En el Alto hay vida, hay negocio, existe un crecimiento en población, en ambición y en dinero. Hay dinero, mucho dinero y hay oportunidades de negocio mientras no hay todavía una oferta significativa de “muestras de poder”. Los “símbolos del éxito” son escasos, la oferta de productos y servicios para una sociedad en la que la movilidad social es rápida y creciente es, además de poco diferenciada, por lo que he visto, bastante escasa.

En la Zona Sur, aunque hay talento, hay ideas, hay saber hacer, la gente tiene ya “puestas” sus casas, los armarios llenos, y hay que mirar el dinero que no fluye en el corto mercado de la clase acomodada.

Y un hecho extremadamente importante: Tanto en El Alto como en la Zona Sur los negocios que marchan bien son los que son dirigidos por gentes que son de El Alto o son de la Zona Sur respectivamente. Por tanto, si yo que “pertenezco” a La Zona Sur quiero vender en El Alto lo más sensato, lo único sensato que puedo hacer es buscarme un socio en El Alto y si soy de El Alto, más me vale, si quiero tener éxito, asociarme con alguien de la Zona Sur.
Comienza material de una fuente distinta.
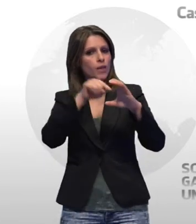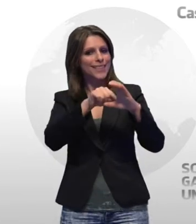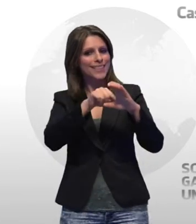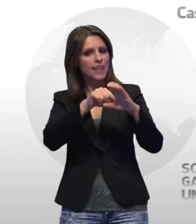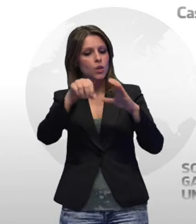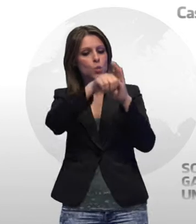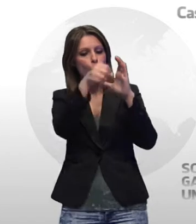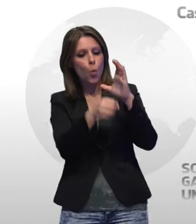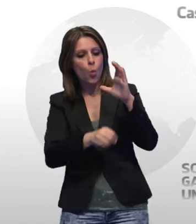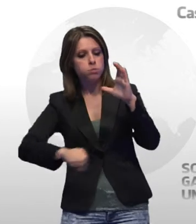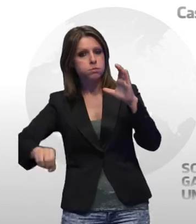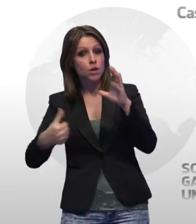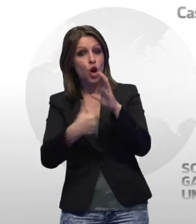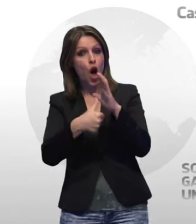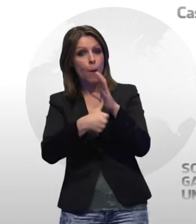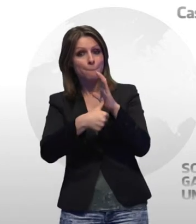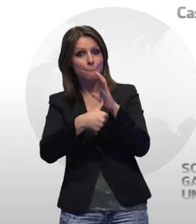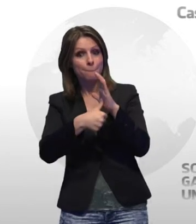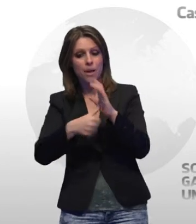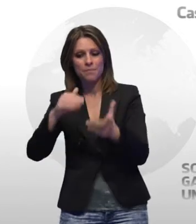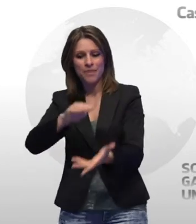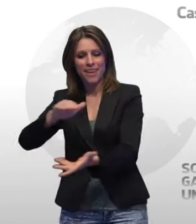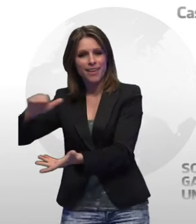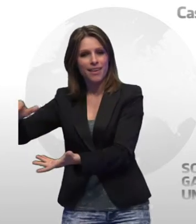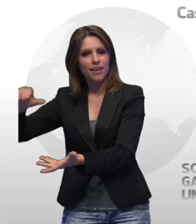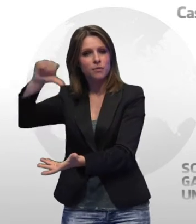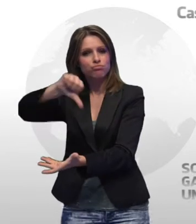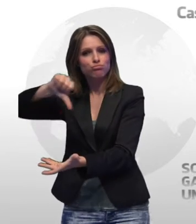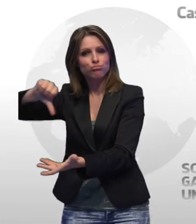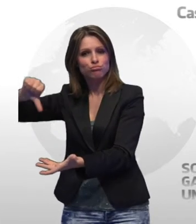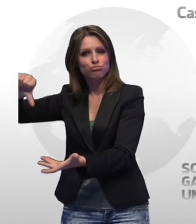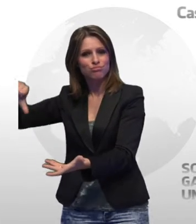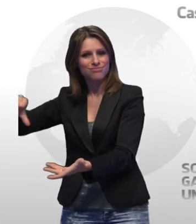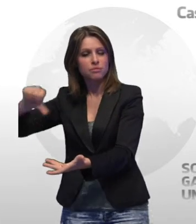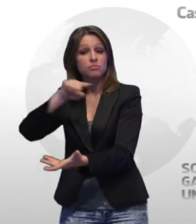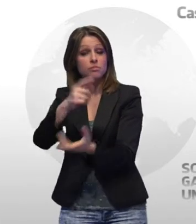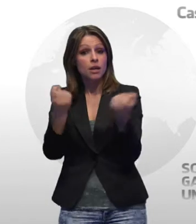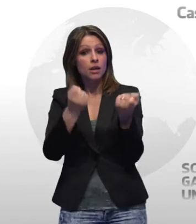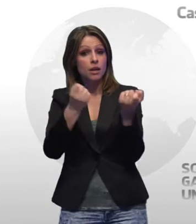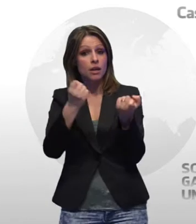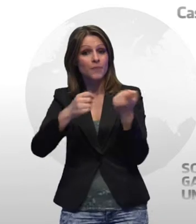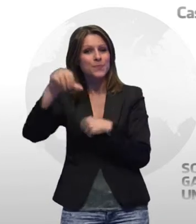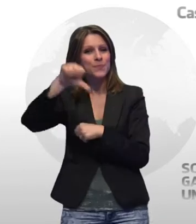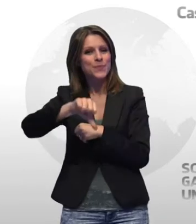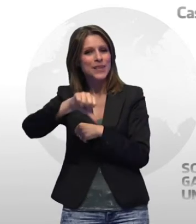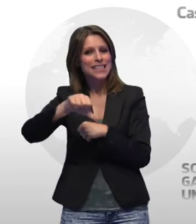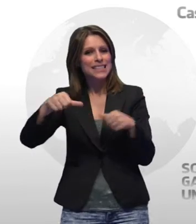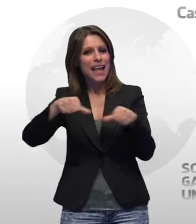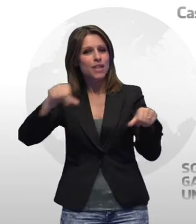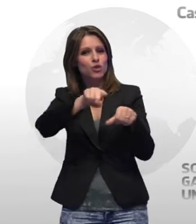cisterna di un'autobotte parcheggiata dietro una stazione di servizio, sulla strada statale 7 Appia.

No es fácil plantearse, para alguien de El Alto buscar un socio en la Zona Sur y, acaso más difícil por ahora, para alguien de la Zona Sur, convertir en su socio a alguien de El Alto. Pero, el éxito y el mejor futuro para las gentes de la Zona Sur y también para las de El Alto, es que se asocien unos y otros para ganar dinero.
No olvidemos que los matrimonios que más duran son los contraídos por interés y que, a fin de cuentas, es mucho mejor obtener el treinta por ciento de un buen negocio que el cien por ciento de ningún negocio.